--- DATA FOR PROCESSING Enclosed Below ---

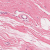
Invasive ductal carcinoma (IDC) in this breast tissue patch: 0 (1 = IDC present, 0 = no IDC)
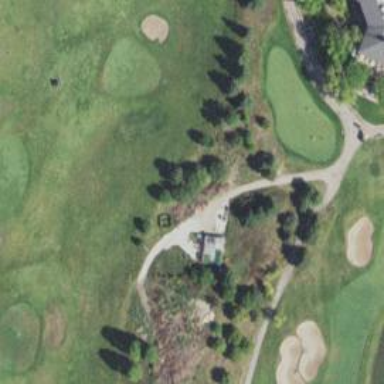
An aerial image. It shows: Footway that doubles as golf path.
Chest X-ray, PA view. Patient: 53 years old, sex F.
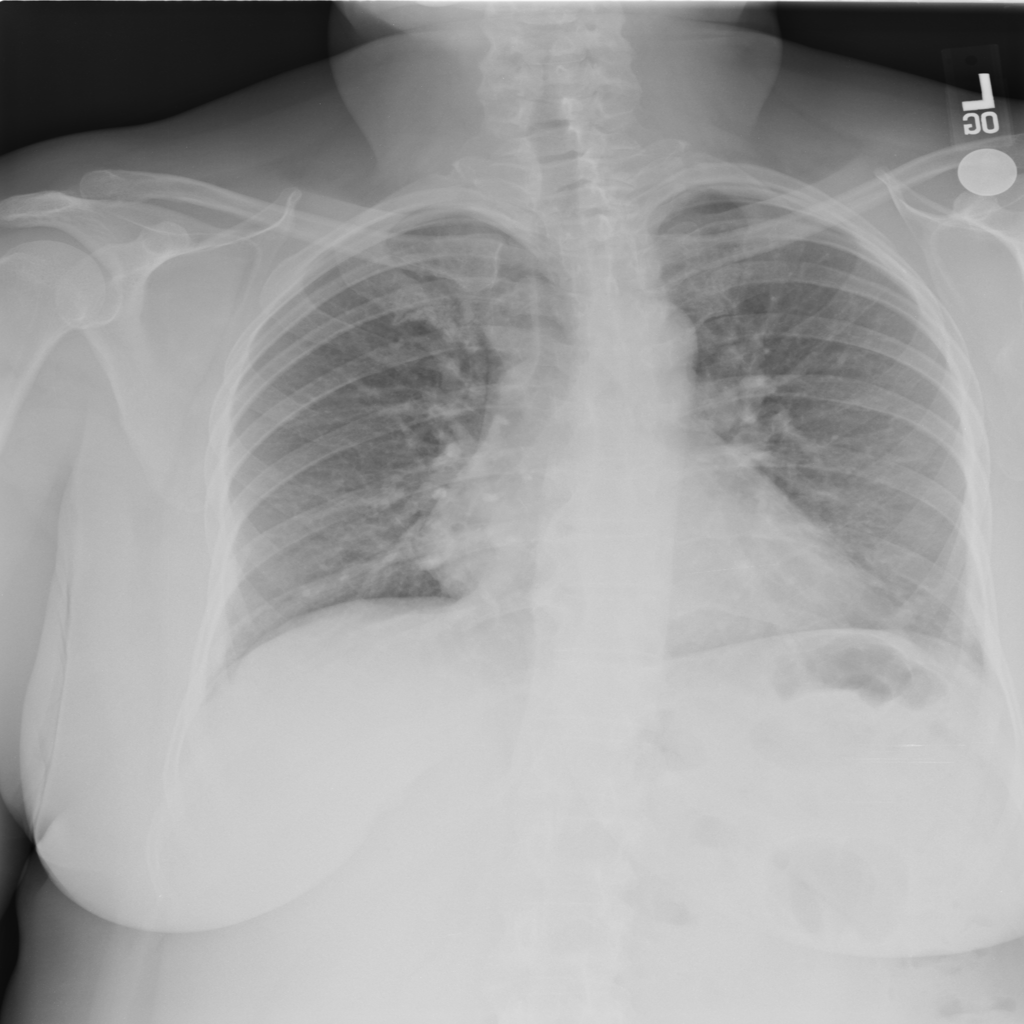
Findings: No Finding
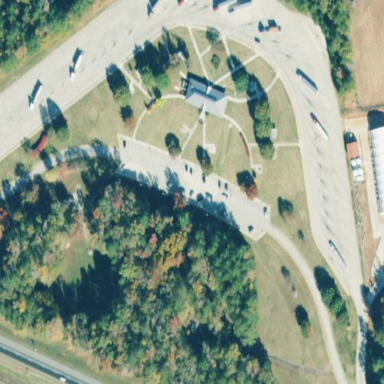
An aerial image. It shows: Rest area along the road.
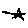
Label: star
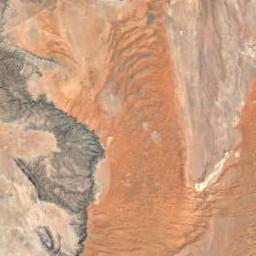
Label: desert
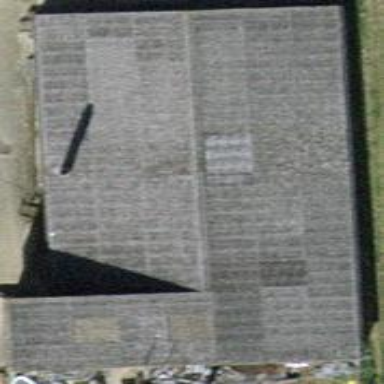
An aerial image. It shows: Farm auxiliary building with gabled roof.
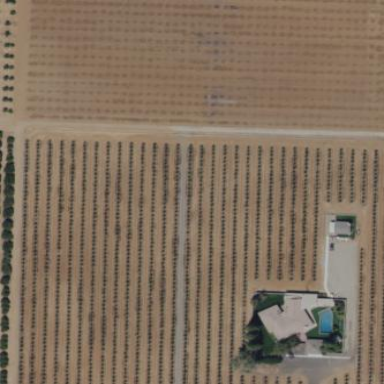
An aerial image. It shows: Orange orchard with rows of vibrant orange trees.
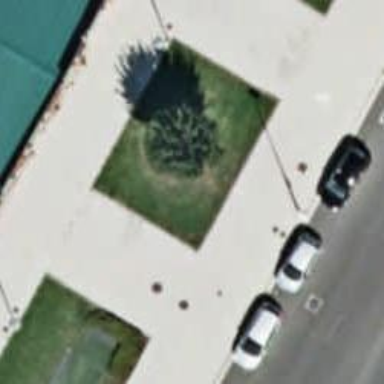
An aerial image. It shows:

--- End of Enclosed DATA FOR PROCESSING ---

> [EXERCISE PROMPT]:
Set down every entry above verbatim, without pictures.

> [THE ANSWER]:
Invasive ductal carcinoma (IDC) in this breast tissue patch: 0 (1 = IDC present, 0 = no IDC)
An aerial image. It shows: Footway that doubles as golf path.
Chest X-ray, PA view. Patient: 53 years old, sex F.
Findings: No Finding
An aerial image. It shows: Rest area along the road.
Label: star
Label: desert
An aerial image. It shows: Farm auxiliary building with gabled roof.
An aerial image. It shows: Orange orchard with rows of vibrant orange trees.
An aerial image. It shows:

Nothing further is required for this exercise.